Assigned task | Scan the data below and copy each line where "Question" occurs.

Available data |

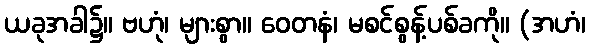
ယခုအခါ၌။ ဗဟုံ၊ များစွာ။ ဝေတနံ၊ မစင်စွန့်ပစ်ခကို။ (အဟံ၊
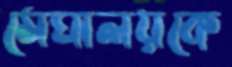
মেঘালয়কে
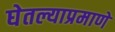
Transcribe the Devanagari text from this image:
घेतल्याप्रमाणे
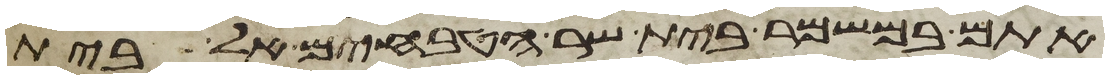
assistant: אתם במשמר בית שר הטבחים אל בית
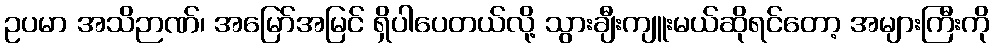
ဥပမာ အသိဉာဏ်၊ အမြော်အမြင် ရှိပါပေတယ်လို့ သွားချီးကျူးမယ်ဆိုရင်တော့ အများကြီးကို
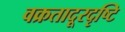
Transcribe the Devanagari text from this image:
वक्रतादूरदृष्टि
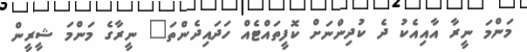
މަންމަ ނީރާ އާއިއެކު ދެ ކުދިންނަށް ކޮފީތައްޓެއް ހަދައިދެންތަ" ނީރާގެ މަންމަ ޝީރީން
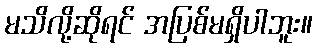
မသိလို့ဆိုရင် အပြစ်မရှိပါဘူး။
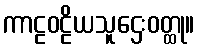
ကာဠဝဠိယသူဌေးဝတ္ထု။
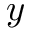
\boldsymbol { y }
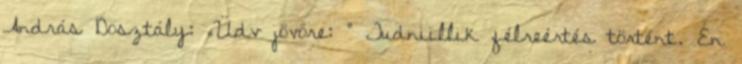
András Dosztály: „Üdv jövőre: ” Tudniillik félreértés történt. Én
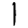
Digit: 1
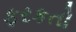
ફરકતો
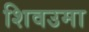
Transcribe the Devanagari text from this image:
शिवउमा
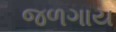
જળગાય
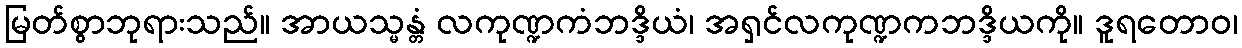
မြတ်စွာဘုရားသည်။ အာယသ္မန္တံ လကုဏ္ဍကံဘဒ္ဒိယံ၊ အရှင်လကုဏ္ဍကဘဒ္ဒိယကို။ ဒူရတောဝ၊
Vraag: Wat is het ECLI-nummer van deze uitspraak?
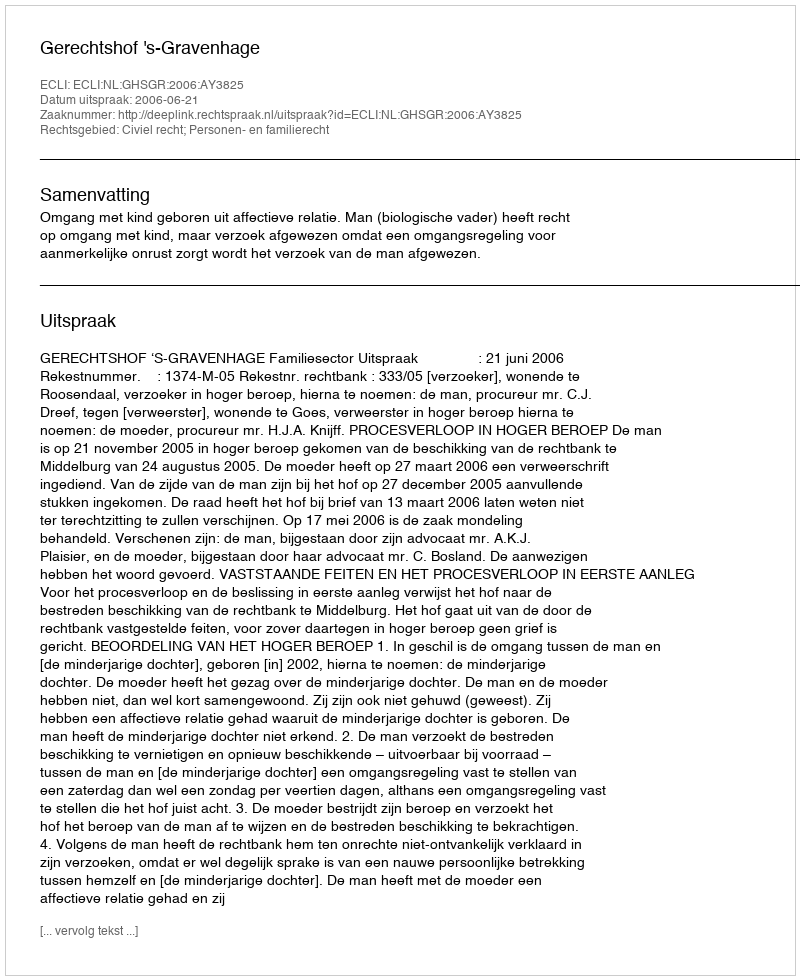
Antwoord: ECLI:NL:GHSGR:2006:AY3825
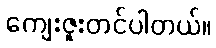
ကျေးဇူးတင်ပါတယ်။
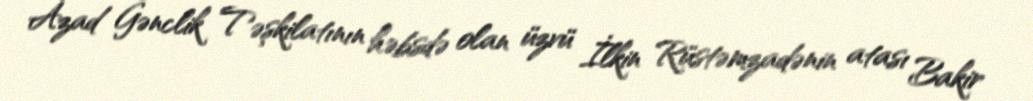
Azad Gənclik Təşkilatının həbsdə olan üzvü İlkin Rüstəmzadənin atası Bakir
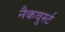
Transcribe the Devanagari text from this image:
नैकवुर्स्ट
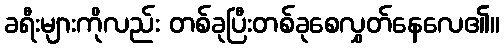
ခရီးများကိုလည်း တစ်ခုပြီးတစ်ခုစေလွှတ်နေလေ၏။
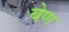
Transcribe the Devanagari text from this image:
बेण
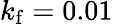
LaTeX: k_{\mathrm f}=0.01
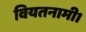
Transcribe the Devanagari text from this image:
वियतनामी।
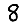
Digit: 8
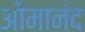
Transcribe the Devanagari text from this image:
ओमानंद
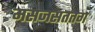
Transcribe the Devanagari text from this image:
मसजसततग
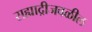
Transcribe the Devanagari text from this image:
सह्याद्रीजवळील
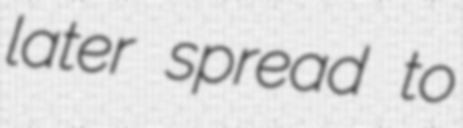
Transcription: later spread to
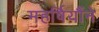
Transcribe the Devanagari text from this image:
महर्षियौंने
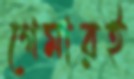
গেমারই
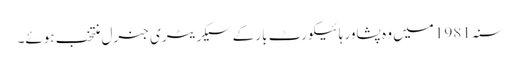
سنہ 1981 میں وہ پشاور ہائیکورٹ بار کے سیکریٹری جنرل منتخب ہوئے۔
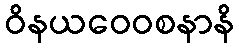
ဝိနယဝေဝစနာနိ
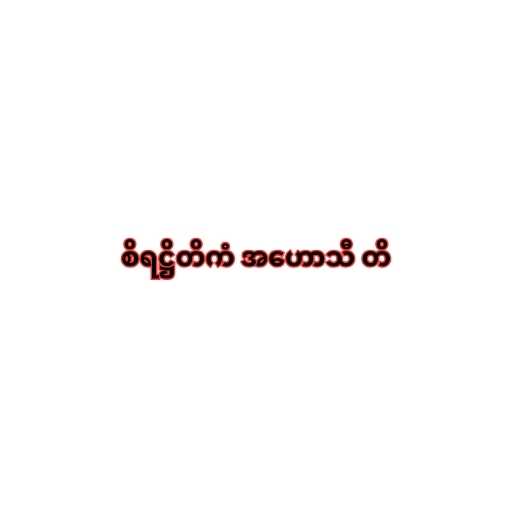
စိရဋ္ဌိတိကံ အဟောသီ တိ
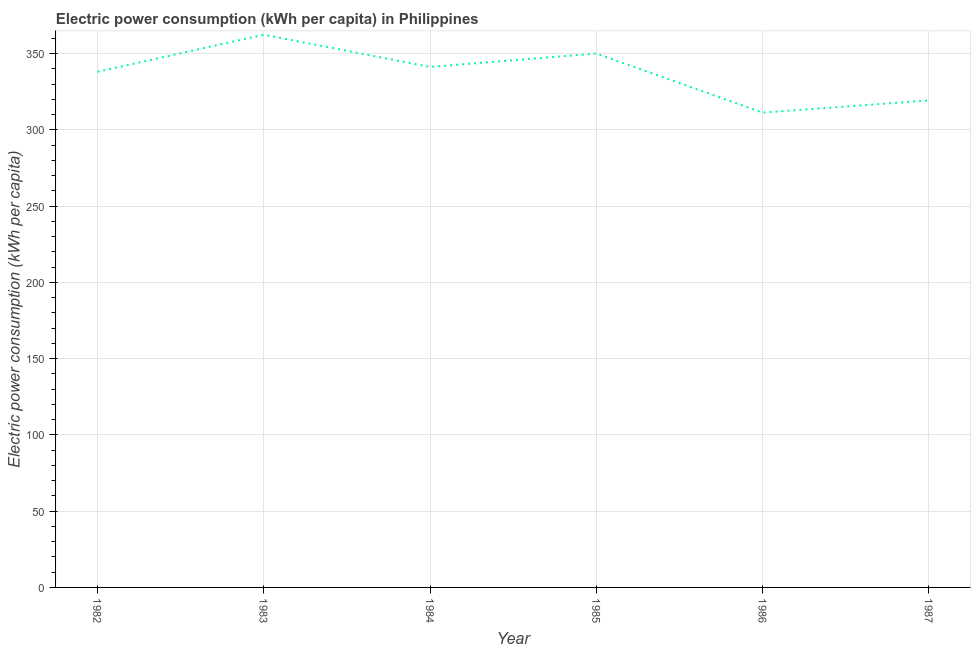
| Year | Electric power consumption |
 | --- | --- |
 | 1982 | 338 |
 | 1983 | 362 |
 | 1984 | 341 |
 | 1985 | 350 |
 | 1986 | 311 |
 | 1987 | 319 |
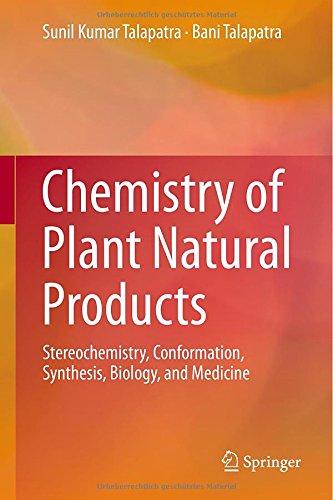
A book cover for Chemistry of Plant Natural Products: Stereochemistry, Conformation, Synthesis, Biology, and Medicine; Sunil Kumar Talapatra; Science & Math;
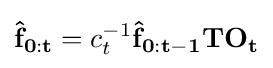
\mathbf {{\hat {f}}_{0:t}} =c_{t}^{-1}\mathbf {{\hat {f}}_{0:t-1}} \mathbf {T} \mathbf {O_{t}}
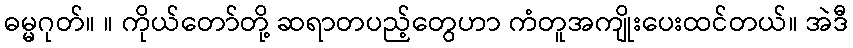
ဓမ္မဂုတ်။ ။ ကိုယ်တော်တို့ ဆရာတပည့်တွေဟာ ကံတူအကျိုးပေးထင်တယ်။ အဲဒီ
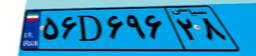
۶۹D۹۵۱۰۶
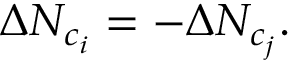
\Delta N _ { c _ { i } } = - \Delta N _ { c _ { j } } .
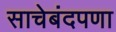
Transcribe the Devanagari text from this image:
साचेबंदपणा
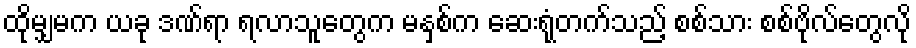
ထိုမျှမက ယခု ဒဏ်ရာ ရလာသူတွေက မနှစ်က ဆေးရုံတက်သည့် စစ်သား စစ်ဗိုလ်တွေလို
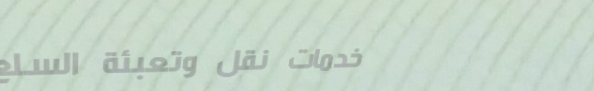
خدمات نقل وتعبئة السلع
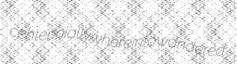
centennially whereinto wandered
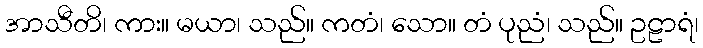
အာသီတိ၊ ကား။ မယာ၊ သည်။ ကတံ၊ သော။ တံ ပုညံ၊ သည်။ ဥဠာရံ၊
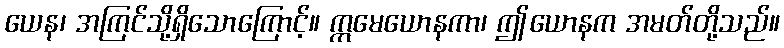
ယေန၊ အကြင်သို့ရှိသောကြောင့်။ ဣမေယောနကာ၊ ဤယောနက အမတ်တို့သည်။
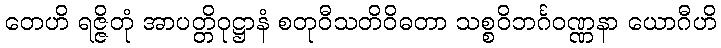
တေဟိ ရဇ္ဇိတုံ အာပတ္တိဝုဋ္ဌာနံ စတုဝီသတိဝိဓတာ သစ္စဝိဘင်္ဂဝဏ္ဏနာ ယောဂီဟိ
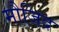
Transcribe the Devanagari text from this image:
मौजिद
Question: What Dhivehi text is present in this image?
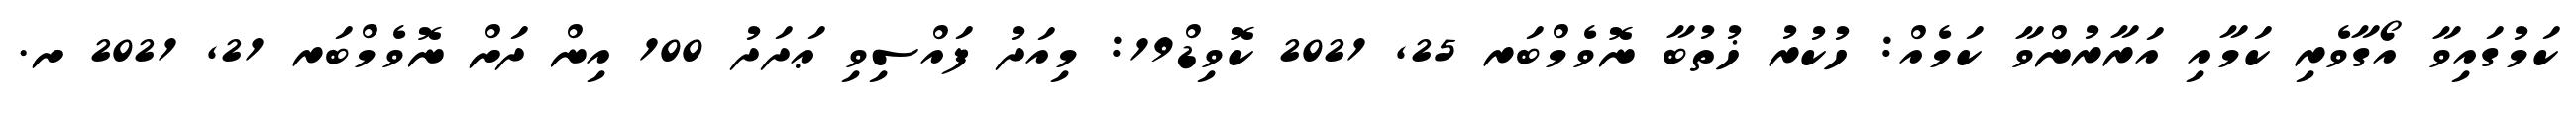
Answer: ކަމުގައިވާ އޯގާވެރި ކަމާއި އަރާރުންވާ ކަމެއް: ހުކުރު ޚުތުބާ ނޮވެމްބަރ 25, 2021 ކޮވިޑް19: މިއަދު ފައްސިވި ޢަދަދު 100 އިން ދަށް ނޮވެމްބަރ 21, 2021 ށ.
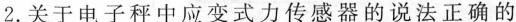
2. 关于电子秤中应变式力传感器的说法正确的
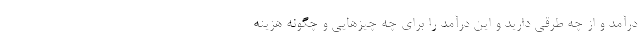
درآمد و از چه طرقی دارید و این درآمد را برای چه چیزهایی و چگونه هزینه
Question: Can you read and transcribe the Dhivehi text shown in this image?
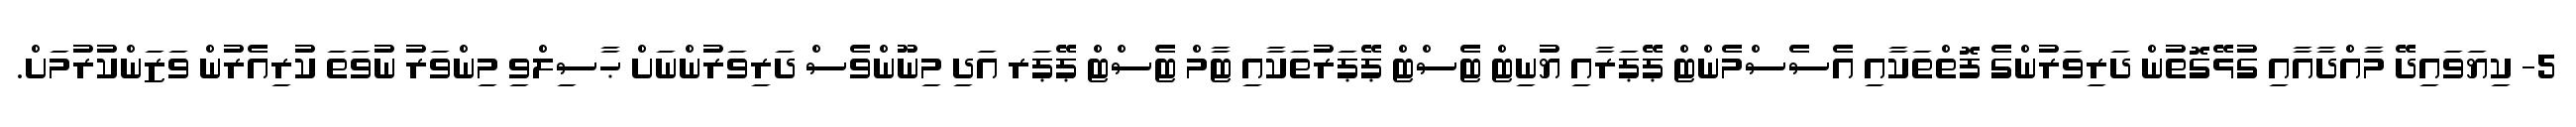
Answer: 5- ކިޔަވައިދޭ މާއްދާއާއި ގުޅޭގޮތުން ދަރިވަރުންގެ ފޮތްތަކާއި އެސެސްމެންޓް ޕޭޕަރާއި ޔުނިޓް ޓެސްޓް ޕޭޕަރުތަކާއި ޓާމް ޓެސްޓް ޕޭޕަރ އަދި މިނޫންވެސް ދަރިވަރުންނަށް ޙާސިލްވި މިންވަރު ނުވަތަ ކުރިއެރުން ވަޒަންކުރުމަށް.
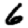
Digit: 6

Answer box |
Question: What Dhivehi text is present in this image?
Question: Can you read and transcribe the Dhivehi text shown in this image?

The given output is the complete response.